The Schnapsen Log
A Theory Concerning the Last Trick
While we are on a break from our normal format, I’d like to tell you about another very elegant result by the mathematician Johan Wästlund, closely related to his results on the game of symmetric whist. Today’s topic is an optimal strategy for the sole purpose of winning the last trick. Since a reasonable fraction of Schnapsen outcomes are decided by who wins the last trick when the stock is exhausted, this question has a clear connection to Schnapsen strategy.
The paper of Wästlund that contains this result is “The Strange Algebra of Combinatorial Games”, written in 2009. This paper discusses several different sorts of games. The results we will discuss today are just from the paper’s Section 7.2, which deals with a version of the traditional Swedish card game Femkort (“Five-card”), in which the winner of the game is the player who wins the last trick.
The good news is that Wästlund’s results on Femkort are much simpler than his results on symmetric whist that we discussed in the previous column. Before diving in, though, let me make a few comments on how Wästlund’s game of Femkort differs from Schnapsen.
As in the previous column, in Wästlund’s version of Femkort, the card deck can consist of any number of suits, with an arbitrary number of cards in each suit. In this sense, it is far more general than Schnapsen.
Wästlund assumes that all the cards in the deck are dealt out to two players, and each player knows exactly what cards the other is holding. It doesn’t matter how many tricks or trick points each player captures; all that matter is who wins the last trick. This means that the connection to Schnapsen will be in Schnapsen’s endgame when the stock is exhausted and neither player reaches 66 trick points.
The most important difference between Femkort and this type of Schnapsen endgame is that there is no trump suit in Femkort. This means that the main application of Wästlund’s Femkort results to Schnapsen will be in those cases when the players cannot trump, either because the trumps are gone or because both players have the same number of cards remaining in each suit. In practice, though, Schnapsen’s struggle for the last trick usually revolves around the trump suit and the players’ use of a forcing defense, and today’s results don’t apply to that situation.
As in the previous column, we will call the two players West and East. Wästlund’s procedure for figuring out who will win makes use of something he calls the trace of a deal, defined as follows. Start with the trace set to 0. In each suit separately, compare the highest card in West’s hand to the highest card in East’s hand, then the second highest card in West’s hand to the second highest card in East’s hand, etc. For each comparison, add 1 to the trace if West’s card is higher, and subtract 1 from the trace if East’s card is higher. If you run out of cards in this suit in one player’s hand, ignore all the remaining cards in this suit in the other player’s hand. (Let’s call these ignored cards “excess”.)
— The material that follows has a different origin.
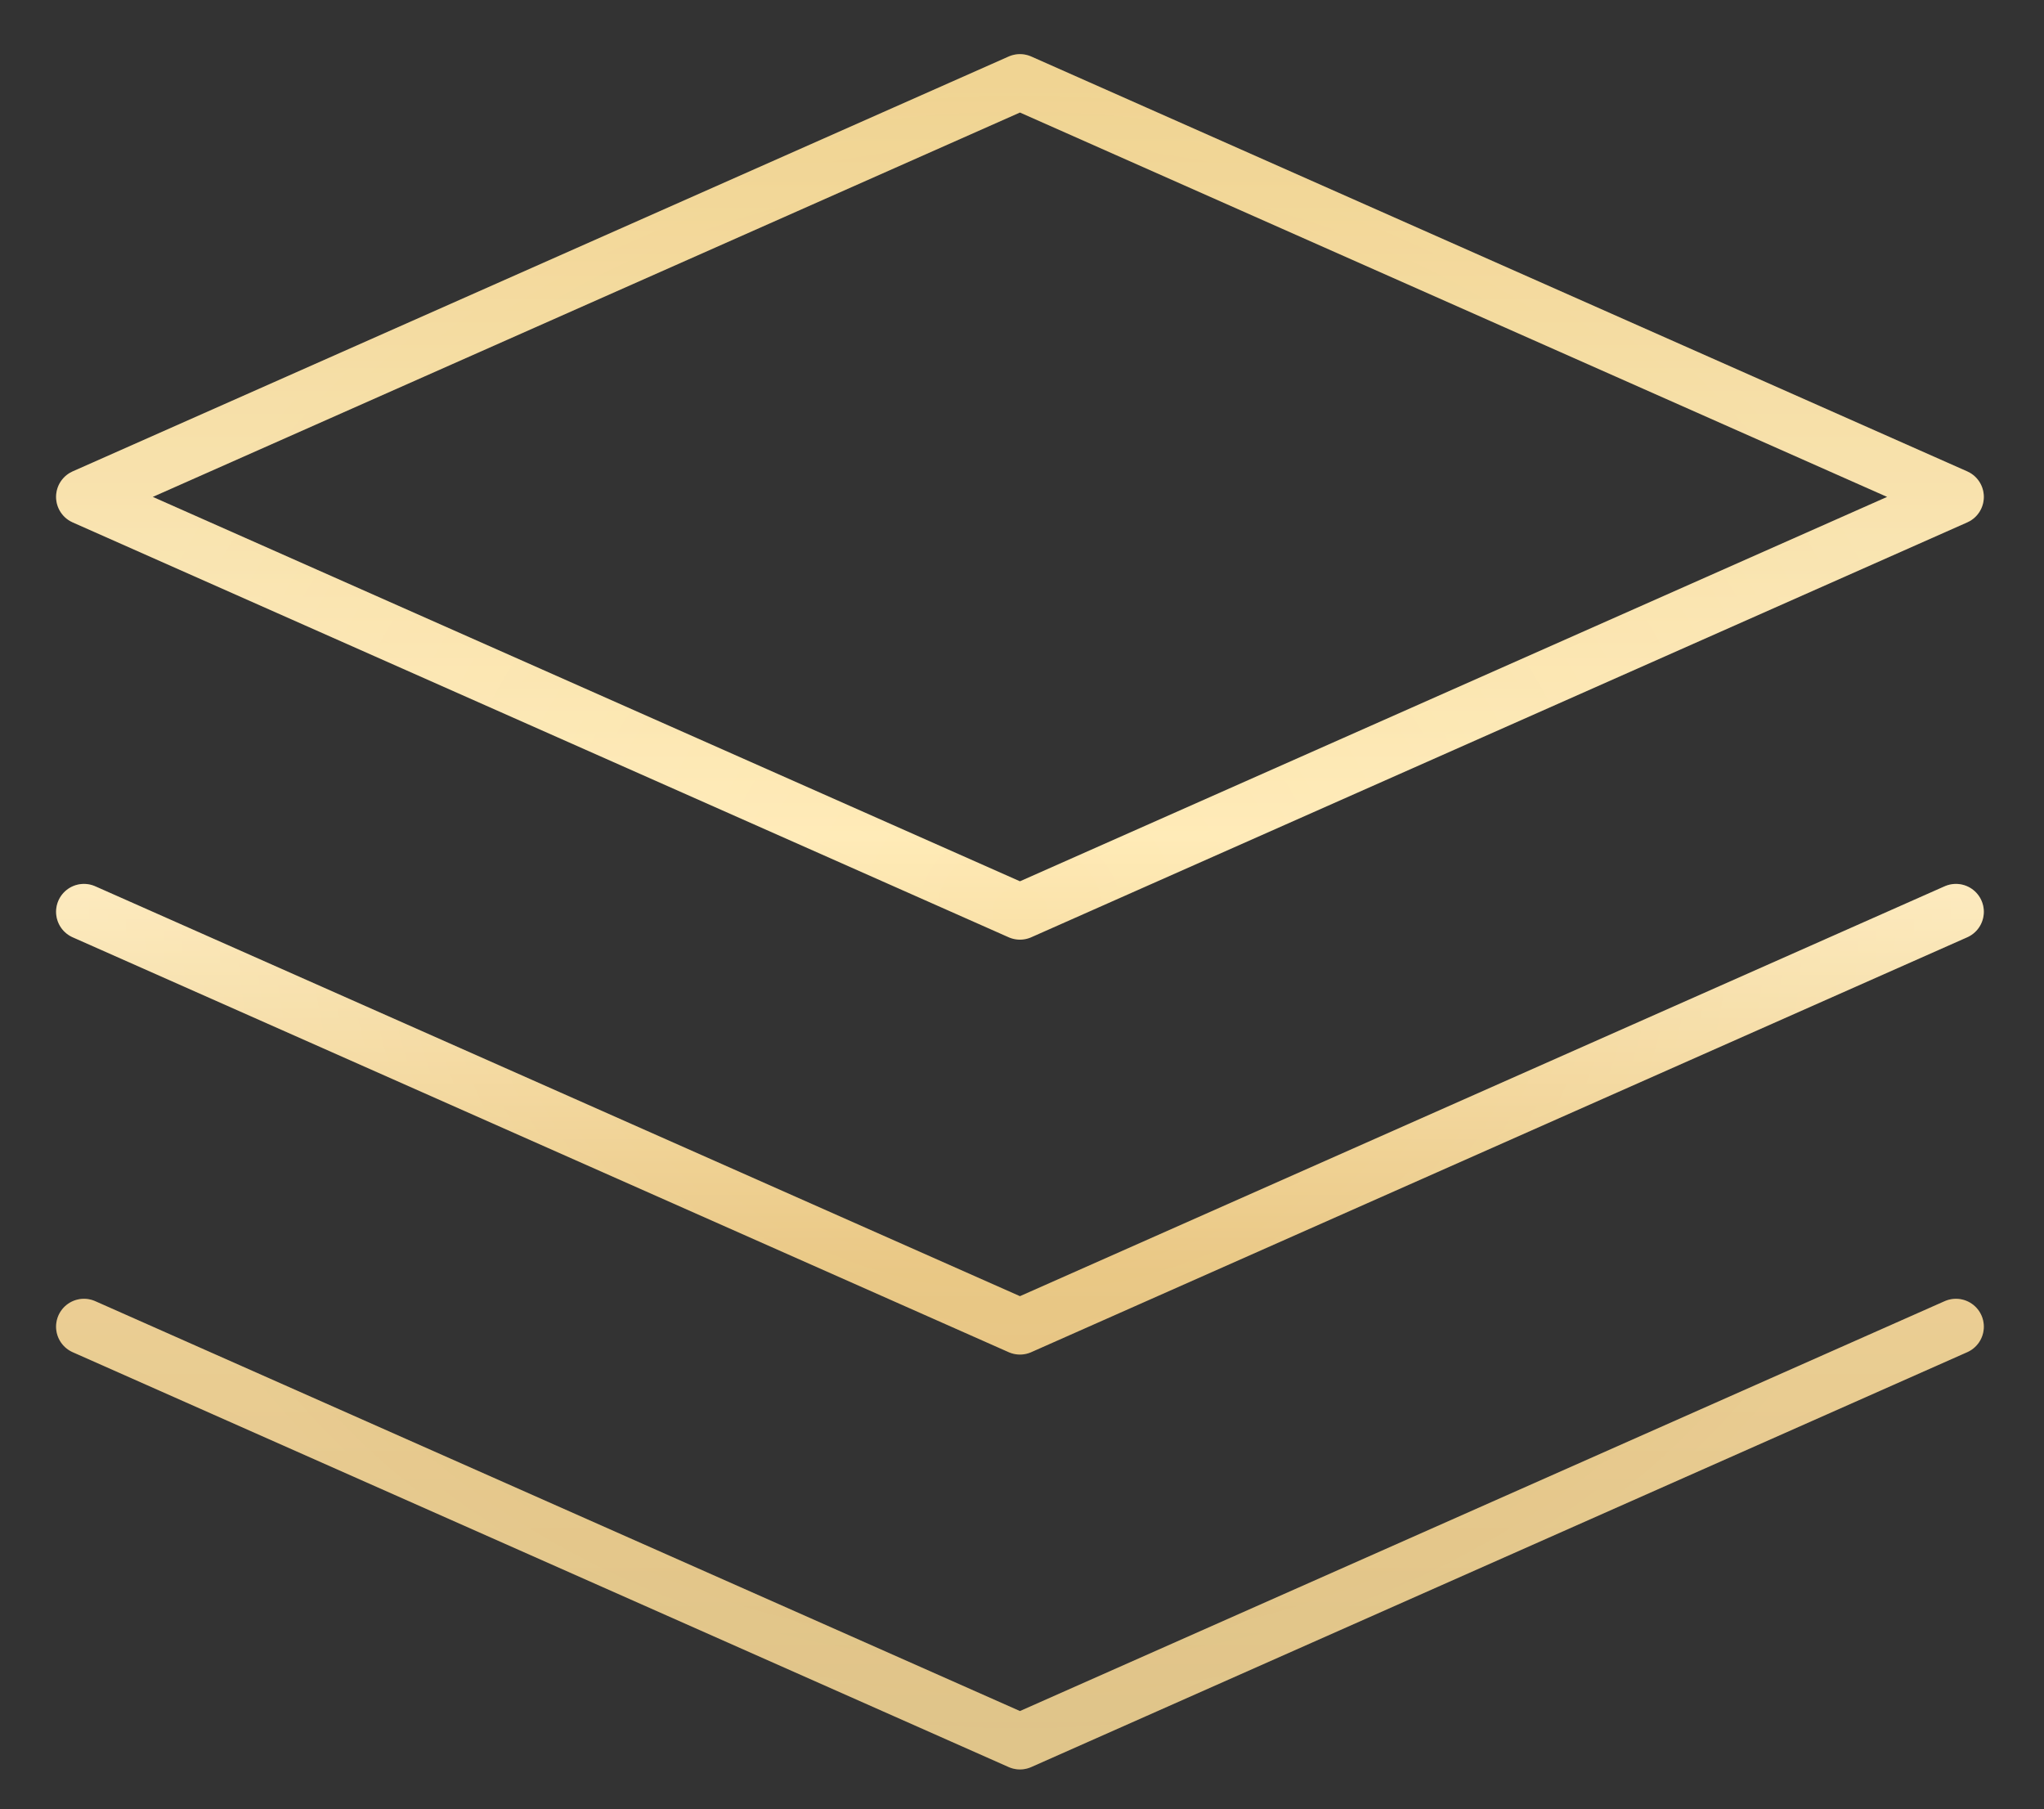 <?xml version="1.0" encoding="UTF-8"?> <svg xmlns="http://www.w3.org/2000/svg" width="165" height="146" viewBox="0 0 165 146" fill="none"><rect x="0" y="0" width="165" height="146" fill="#333333" stroke="none"/><path d="M157.892 73.584L82.335 107.067L6.777 73.584M157.892 107.067L82.335 140.549L6.777 107.067M157.892 40.101L82.335 73.584L6.777 40.101L82.335 6.619L157.892 40.101Z" stroke="url(#paint0_linear_404_78)" stroke-width="4.5" stroke-linecap="round" stroke-linejoin="round"></path><path d="M157.892 73.584L82.335 107.067L6.777 73.584M157.892 107.067L82.335 140.549L6.777 107.067M157.892 40.101L82.335 73.584L6.777 40.101L82.335 6.619L157.892 40.101Z" stroke="url(#paint1_radial_404_78)" stroke-opacity="0.2" stroke-width="4.5" stroke-linecap="round" stroke-linejoin="round"></path><defs><linearGradient id="paint0_linear_404_78" x1="82.335" y1="6.619" x2="82.335" y2="140.549" gradientUnits="userSpaceOnUse"><stop stop-color="#ECC978"></stop><stop offset="0.455" stop-color="#FFEAB5"></stop><stop offset="0.72" stop-color="#E7C279"></stop><stop offset="1" stop-color="#D8B66D"></stop></linearGradient><radialGradient id="paint1_radial_404_78" cx="0" cy="0" r="1" gradientUnits="userSpaceOnUse" gradientTransform="translate(82.335 73.584) rotate(90) scale(66.965 75.557)"><stop stop-color="white" stop-opacity="0"></stop><stop offset="1" stop-color="white"></stop></radialGradient></defs></svg> 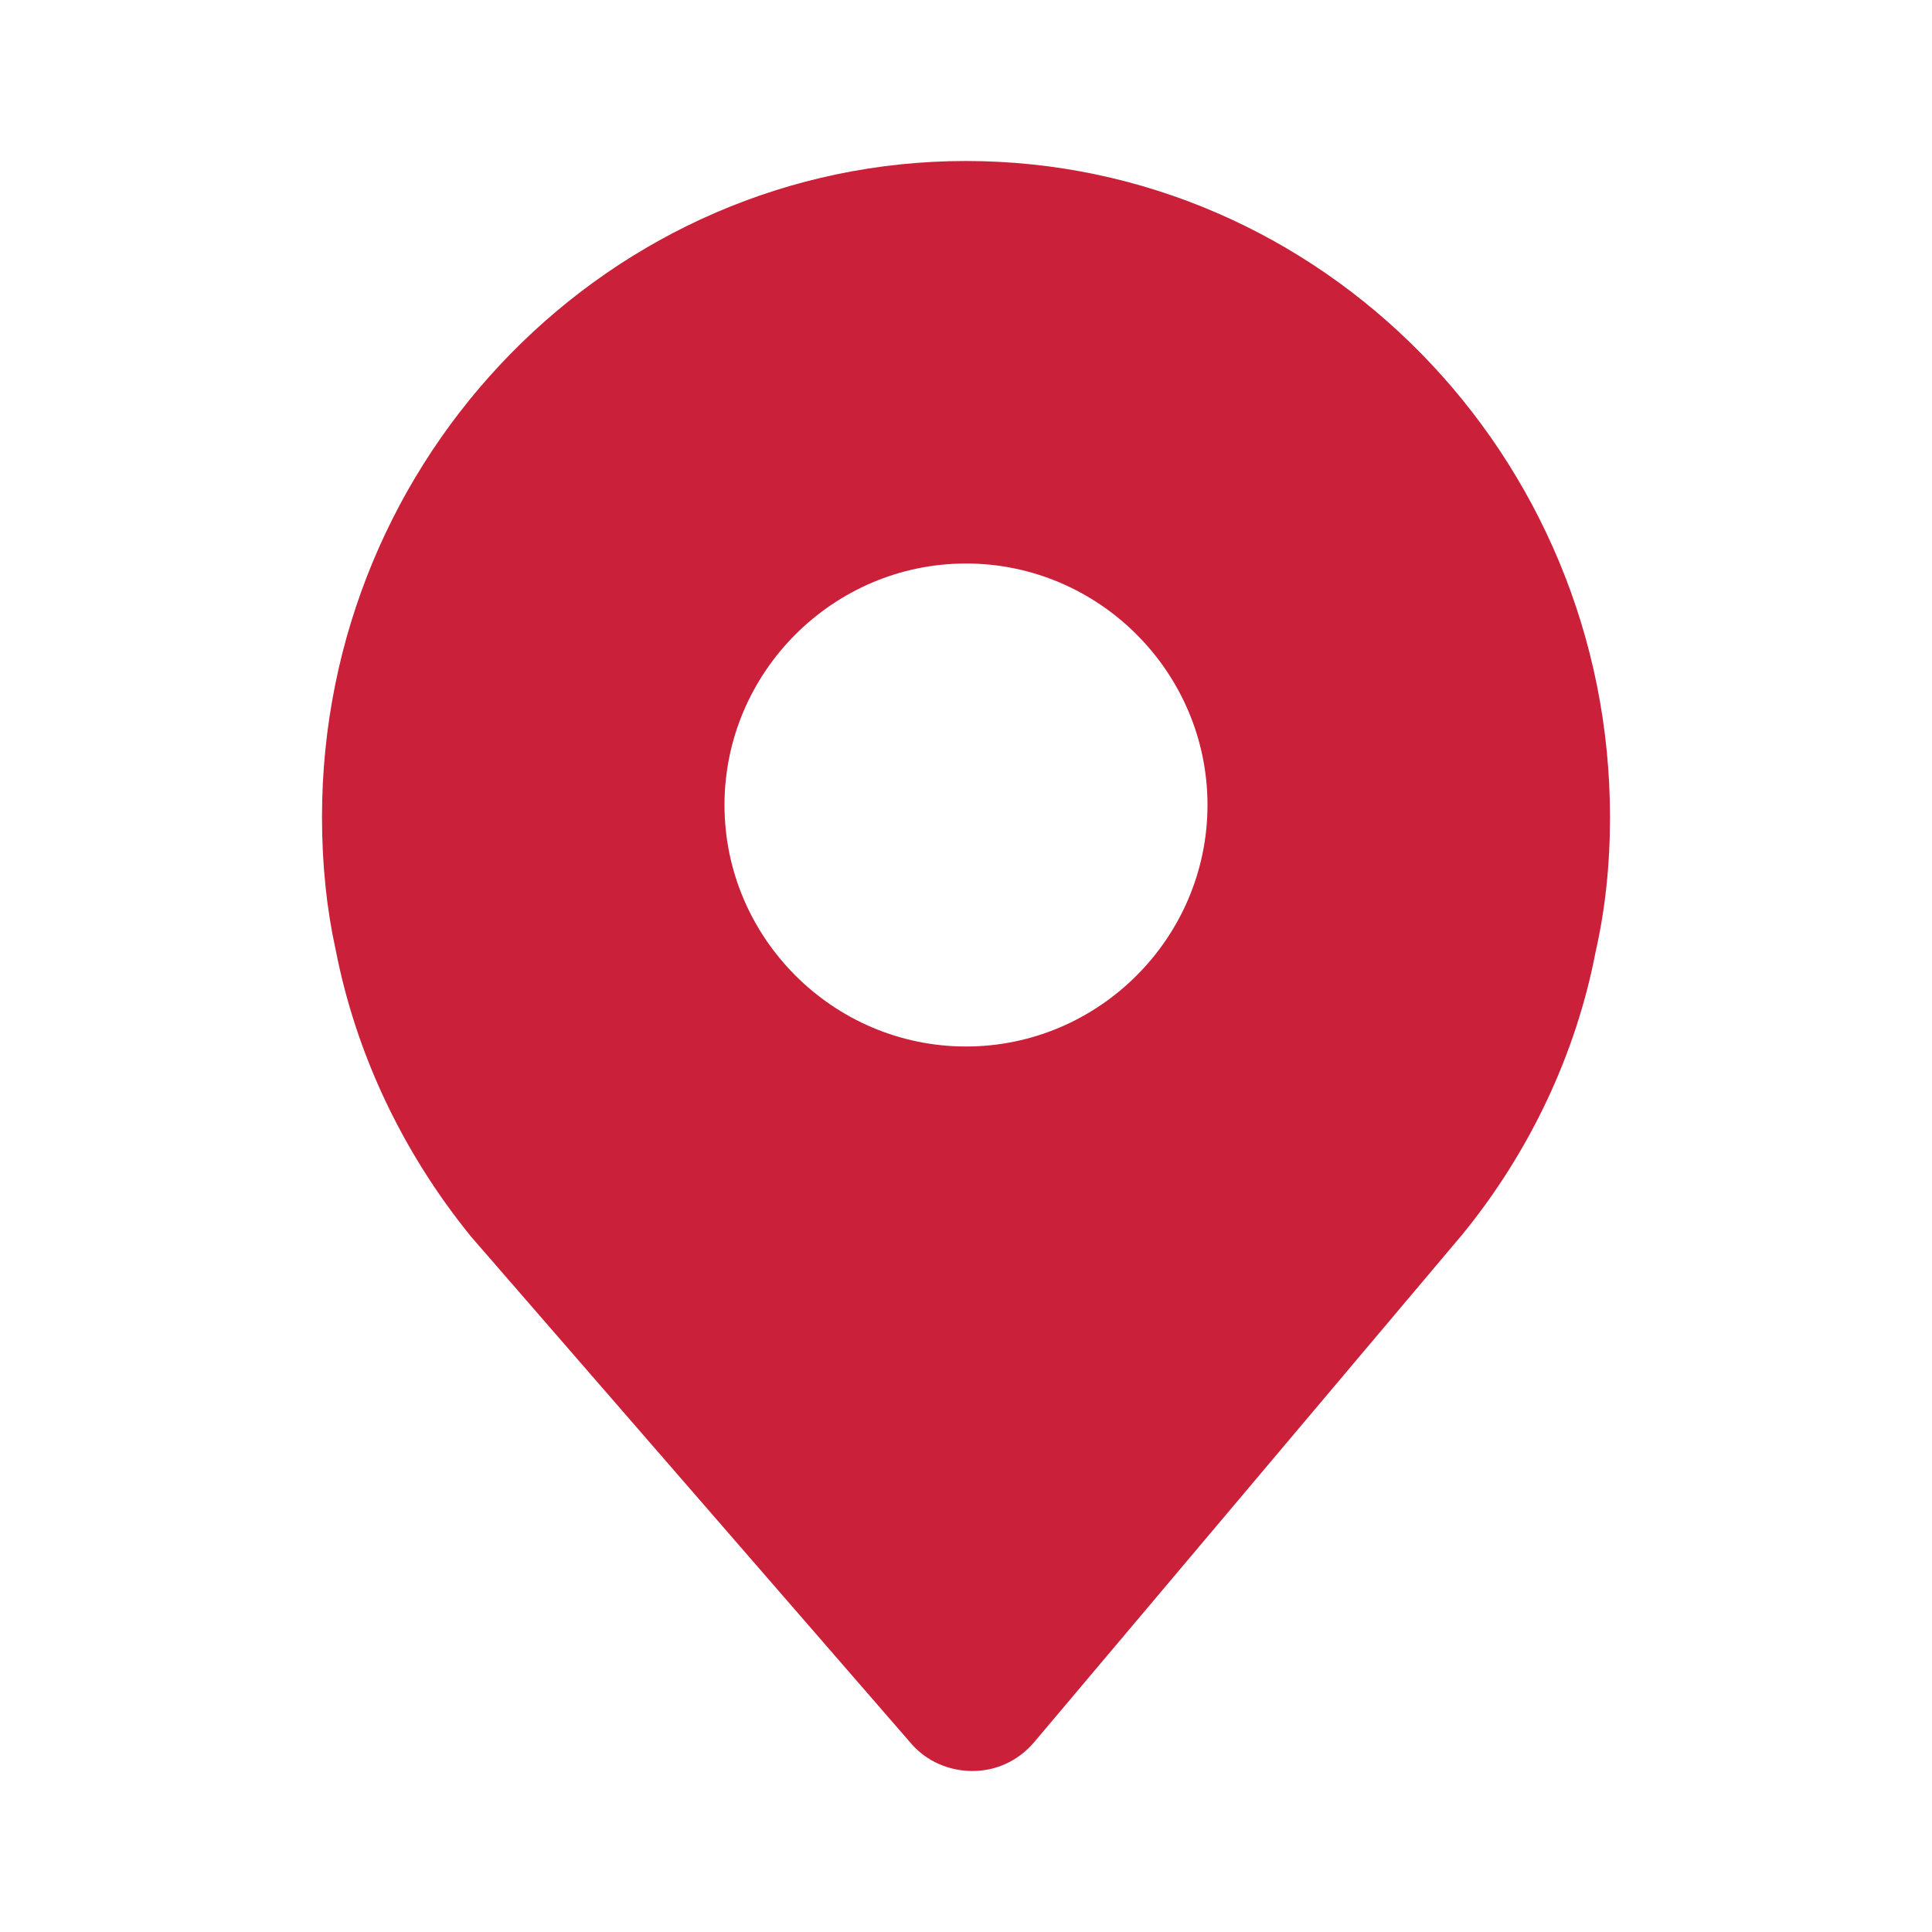 <?xml version="1.0" encoding="UTF-8"?> <svg xmlns="http://www.w3.org/2000/svg" width="24" height="24" viewBox="0 0 24 24" fill="none"><g clip-path="url(#clip0_11_10)"><path d="M12 2C7.59 2 4 5.66 4 10.15C4 10.75 4.06 11.3 4.17 11.8C4.42 13.08 4.99 14.3 5.85 15.36L11.32 21.66C11.51 21.88 11.79 22 12.08 22C12.38 22 12.65 21.87 12.84 21.65L18.17 15.33C19.01 14.3 19.58 13.08 19.82 11.83C19.94 11.3 20 10.75 20 10.15C20 5.66 16.41 2 12 2ZM12 13C10.35 13 9 11.65 9 10C9 8.35 10.35 7 12 7C13.65 7 15 8.35 15 10C15 11.65 13.65 13 12 13Z" fill="#CA2039"></path></g><defs><clipPath id="clip0_11_10"><rect width="24" height="24" fill="white"></rect></clipPath></defs></svg>

After you have processed all the suits in this way, the final value of the trace determines the outcome: West wins if the trace is positive, East wins if the trace is negative, and whichever player is initially on lead wins if the trace is zero.
Here is an example:
|♥ AQ8||♥ KJ9|
|♣ AQJ8||♣ K9|
|♦ KQ||♦ AJ98|
West’s excess cards are ♣J8 and East’s excess cards are ♦98. In hearts, the trace is +1: A beats K, Q beats J, 8 loses to 9. After processing the clubs, the trace increases to +3: A beats K, Q beats 9. Finally, the diamonds leave the trace at +3: K loses to A, Q beats J. Therefore, West can win whichever player is on lead, since the final trace is positive.
Wästlund’s procedure for computing the trace tells us who will be the winner, but doesn’t yet provide a winning strategy for choosing the next play. Wästlund provides this too. Let’s assume that you are West, to simplify the description. In the following strategy, ignore any of the excess cards, except in rules 5 and 6 below.
If you are on lead and have a card that lost in the comparison during the computation of the trace, lead any such card. (Doing this increases the trace for you, but this advantage is mitigated by the fact that the lead is transferred to East.)
If you are on lead and all your cards won in the comparisons during the computation of the trace, lead the lowest (non-excess) card in any suit. (Regardless of whether this wins or loses the trick, you maintain the condition that all your remaining cards won in the comparisons.)
If you are following to a lead and can win the trick, do so with the lowest card possible. (Doing this decreases the trace by 1, but this disadvantage is compensated by the fact that you gain the lead.)
If you are following to a lead and cannot win the trick, discard the lowest card you have in the suit led. (Doing this increases the trace.)
If you are on lead and have nothing remaining but excess cards, lead them one at a time. They are all winners.
If you are following to the lead of an excess card and cannot follow suit, discard an excess card of your own.
Let’s try this out on the example deal shown above, where West should win, since the trace is positive. Suppose West is on lead, and suppose for simplicity that both players follow the optimal strategy given above.
For the first several tricks, West and East will be following rule 1 above, leading a card that lost the comparison in the computation of the trace. The order of choices in the sample game below is arbitrary.
- West leads ♥8, won by ♥9.
- East leads ♣K, won by ♣A.
- West leads ♦K, won by ♦A.
- East leads ♦J, won by ♦Q.
At this point, West has only comparison winners remaining and may lead ♥Q, following rule 2 above. East wins with ♥K, returns ♥J to West’s ♥A, and West’s remaining three clubs are all winners, starting with the non-excess ♣Q.
© 2012 Martin Tompa. All rights reserved.